Workers at No Evil Foods Say the Vegan, Progressive Company Busted Their Union Drive

No Evil Foods markets itself as a left-wing, “revolutionary” food company. But its workers say the company recently busted their union drive and fired organizers.

Founders of No Evil Foods Sadrah Schadel and Mike Woliansky are union-busters, say their employees.

If you pull up the Instagram account for No Evil Foods, a vegan, plant-based meat-product company, what greets you is a wall of posts in solidarity with the ongoing racial justice protests sparked by the police murder of forty-six-year-old George Floyd in Minneapolis. The company seems particularly drawn to variations of “Silence is Violence,” as one of their most recent posts reads.

Social justice is No Evil Foods’s brand. Founded in 2014, the company, whose products are now sold by 5,500 retailers, is “the fastest-growing meat alternative in conventional stores,” according to Sadrah Schadel, who, along with Mike Woliansky, started the company. Representative of their left-wing branding are products like El Zapatista, a vegan chorizo product, and Comrade Cluck, a vegan chicken product. Their website describes the company as “revolutionary” and “socially conscious.” “No Evil,” after all — they’re good people.

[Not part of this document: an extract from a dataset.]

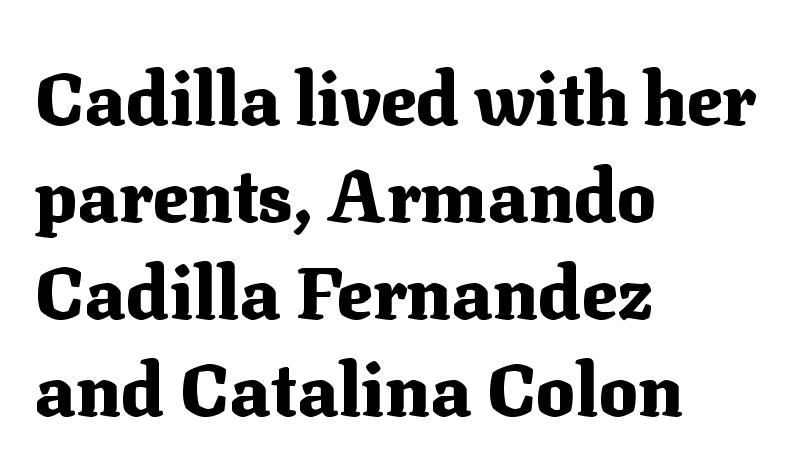
Honestly, there is no underline to notice here at all. Are there feet on the stems? There are — it's a serif. Italic? Not at all — the glyphs are vertical. The gaps between neighbouring characters are ordinary and unremarkable.

But if you ask No Evil’s workers what they think about the company, they say Schadel and Woliansky are union-busters.

“They’re pretending they’re allies of leftist causes,” says Jon Reynolds, an ex-employee of No Evil who was among several workers that were fired shortly after helping lead organizing efforts to form a union among the company’s workforce.

“I thought I could have something resembling a career with this company,” says Reynolds. “It feels so naive thinking about it now.”

No Evil told Reynolds he was fired for social-distancing violations, something that other workers say was a pretext for retaliating against him for organizing. Reynolds noted how other companies, such as Amazon, have used social distancing violations to target organizers. Another leader in the organizing efforts, Cortne Roche, says she was fired for dress code violations — she was told her pants were “too short” — but she too sees this as retaliation for organizing.

“I think they are full of shit,” says another ex-employee who was involved in the organizing drive and was recently fired. “It is a huge red-flag when a company uses this much left-wing imagery and has a turnover rate as high as they do.” “The owners of this company are faking progressive values harder than they are faking meat,” they added.

As first reported in Industrial Worker, the Appeal, and Vice, when No Evil’s workers recently sought to unionize the company’s Weaverville, North Carolina plant, backed by the United Food and Commercial Workers International Union (UFCW), the cofounders held captive-audience meetings, urging their employees to vote no in the union election.

In recordings provided to Jacobin, No Evil management can be heard telling workers that the UFCW may not take harassment “as seriously as we do” and discussing union corruption at length. In response to a worker’s frustration at the captive-audience meeting, management responds that they are simply trying to provide “balanced” information and “facts,” as they “don’t know what information [the union] is giving” workers.

Workers say these meetings lasted up to two hours and were held as many as three times a week in the time leading up to the union election, which ended with a 43-15 vote against joining the UFCW.

Workers who are still at the company describe the effect of this anti-union campaign as chilling.

“People are afraid,” says Meagan Sullivan, who quit her job at No Evil this week. Petitions to reinstate the fired employees have been circulated, as has a petition to make a hazard pay bump permanent, but workers fear signing their names. Says Sullivan: “People see the petitions and say, ‘I agree with all of this, this is great, I support what you’re doing, but I can’t sign this, I’m afraid and I can’t get fired.’ So people have done a really good job of shutting down the organizing movement.”

“Every day I walked into work and expected to be fired,” says Sullivan when asked if she feared retaliation for her role in organizing. “It takes a special brand of evil to blatantly fire organizers after crushing any sort of organizing drive.” Reynolds and Roche have filed complaints with the National Labor Relations Board for wrongful termination — these cases are pending.

“I just want them to do the right thing,” says Sullivan. “They could turn around tomorrow and say, ‘maybe we went about this union drive the wrong way. We don’t want people to feel targeted, we don’t want people to feel unwelcome here.’ But I guarantee you they will never do that.”